设定训练集、验证集、测试集比例并进行划分

In [12]:
train_pct, valid_pct, test_pct = 0.8, 0.1, 0.1

for root, dirs, files in os.walk(raw_path):
    for sub_dir in dirs:
        # 获取目录中所有图片名称，并进行排序
        image_file_list = os.listdir(raw_path / sub_dir)
        image_file_list = list(filter(lambda x: x.endswith('.jpg'), image_file_list))
        random.shuffle(image_file_list)
        
        # 计算划分区间
        image_count = len(image_file_list)
        train_point = int(image_count * train_pct)
        valid_point = int(image_count * (train_pct + valid_pct))

        # 根据数据集划分将图片保存到对应目录
        for i in range(image_count):
            if i < train_point:
                out_dir = train_path / sub_dir
            elif i < valid_point:
                out_dir = valid_path / sub_dir
            else:
                out_dir = test_path / sub_dir
            
            if not os.path.exists(out_dir):
                os.makedirs(out_dir)

            target_path = out_dir / image_file_list[i]
            source_path = raw_path / sub_dir / image_file_list[i]
            shutil.copy(source_path, target_path)
        
        print(f'Class: {sub_dir}, Train: {train_point}, Valid: {valid_point - train_point}, Test: {image_count - valid_point}')

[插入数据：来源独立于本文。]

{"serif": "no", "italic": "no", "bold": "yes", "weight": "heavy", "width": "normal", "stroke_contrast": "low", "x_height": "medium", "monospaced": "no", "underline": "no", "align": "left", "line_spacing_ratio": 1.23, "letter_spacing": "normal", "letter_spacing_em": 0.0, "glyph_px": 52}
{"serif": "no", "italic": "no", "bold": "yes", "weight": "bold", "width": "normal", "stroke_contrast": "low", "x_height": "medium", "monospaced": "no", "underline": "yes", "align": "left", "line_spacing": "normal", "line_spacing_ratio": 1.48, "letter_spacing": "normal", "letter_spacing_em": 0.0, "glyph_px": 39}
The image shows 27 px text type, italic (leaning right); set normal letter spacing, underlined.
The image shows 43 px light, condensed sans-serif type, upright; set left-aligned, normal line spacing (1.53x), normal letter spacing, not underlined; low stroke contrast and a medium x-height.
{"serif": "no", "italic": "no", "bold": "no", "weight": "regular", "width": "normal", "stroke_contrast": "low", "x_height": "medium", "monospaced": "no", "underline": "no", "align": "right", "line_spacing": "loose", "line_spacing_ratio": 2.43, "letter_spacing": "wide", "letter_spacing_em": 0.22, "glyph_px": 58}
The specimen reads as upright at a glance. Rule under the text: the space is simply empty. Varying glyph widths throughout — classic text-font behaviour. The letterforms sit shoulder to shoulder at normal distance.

Class: 100, Train: 80, Valid: 10, Test: 10
Class: 1, Train: 80, Valid: 10, Test: 10


### 2.定义数据集的Dataset

In [23]:
class RMBDataset(Dataset):
    
    def __init__(self, image_path, transform=None):
        self.label_dict = {'1': 0, '100': 1}
        self.transform = transform

        self.image_data = []
        for root, dirs, files in os.walk(image_path):
            for sub_dir in dirs:
                # 获取目录下所有图片列表
                image_file_list = os.listdir(image_path / sub_dir)
                image_file_list = list(filter(lambda x: x.endswith('.jpg'), image_file_list))

                # 保存每个图片的路径和标签
                for i in range(len(image_file_list)):
                    image_name = image_file_list[i]
                    file_path = image_path / sub_dir / image_name
                    label = self.label_dict[sub_dir]
                    self.image_data.append((file_path, label))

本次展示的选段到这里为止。